§ **Work request**
Please transcribe the entries below exactly and leave out every picture.

§ **Exercise material**
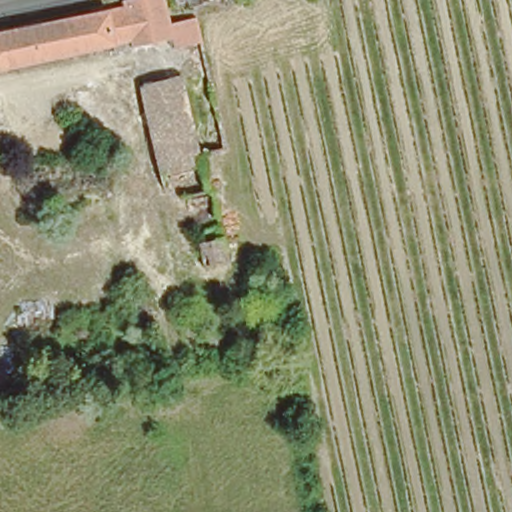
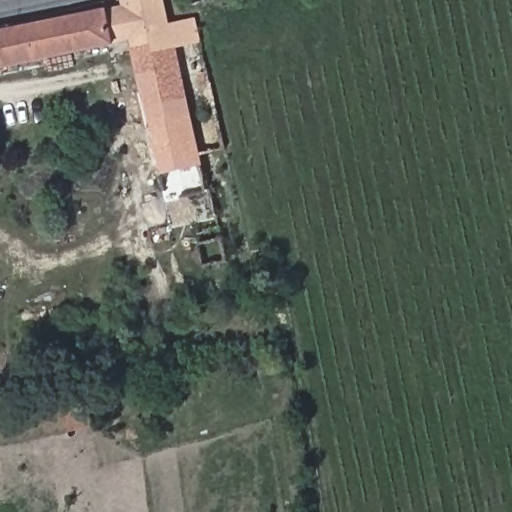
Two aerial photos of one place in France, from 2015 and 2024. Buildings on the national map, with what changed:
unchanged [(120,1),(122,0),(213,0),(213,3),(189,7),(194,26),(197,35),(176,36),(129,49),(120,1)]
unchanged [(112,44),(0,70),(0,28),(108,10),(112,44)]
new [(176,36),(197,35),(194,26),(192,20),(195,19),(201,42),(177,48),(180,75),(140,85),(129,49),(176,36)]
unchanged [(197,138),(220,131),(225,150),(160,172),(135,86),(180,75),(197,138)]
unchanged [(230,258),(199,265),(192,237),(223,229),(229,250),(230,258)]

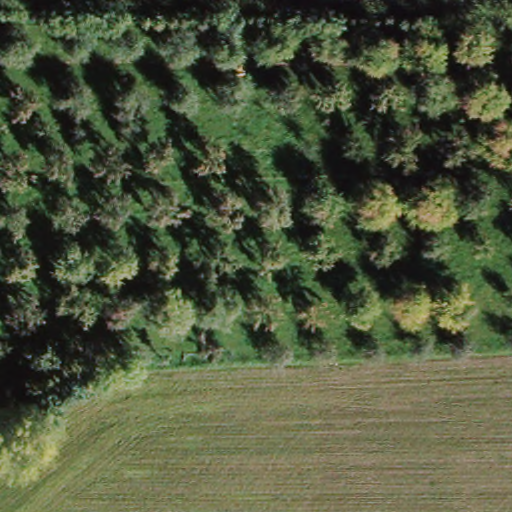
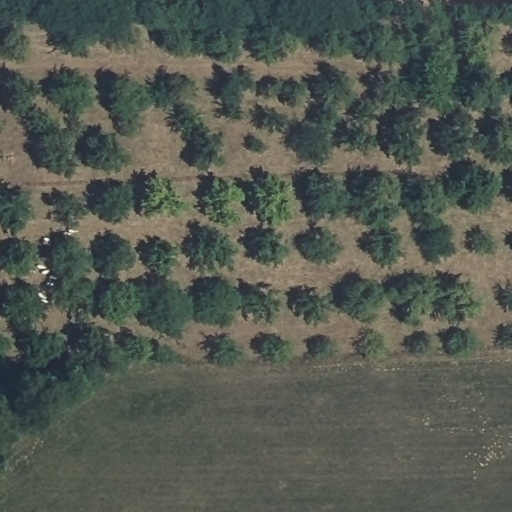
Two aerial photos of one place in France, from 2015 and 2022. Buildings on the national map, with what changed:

§ **Response box**
Two aerial photos of one place in France, from 2015 and 2024. Buildings on the national map, with what changed:
unchanged [(120,1),(122,0),(213,0),(213,3),(189,7),(194,26),(197,35),(176,36),(129,49),(120,1)]
unchanged [(112,44),(0,70),(0,28),(108,10),(112,44)]
new [(176,36),(197,35),(194,26),(192,20),(195,19),(201,42),(177,48),(180,75),(140,85),(129,49),(176,36)]
unchanged [(197,138),(220,131),(225,150),(160,172),(135,86),(180,75),(197,138)]
unchanged [(230,258),(199,265),(192,237),(223,229),(229,250),(230,258)]

Two aerial photos of one place in France, from 2015 and 2022. Buildings on the national map, with what changed:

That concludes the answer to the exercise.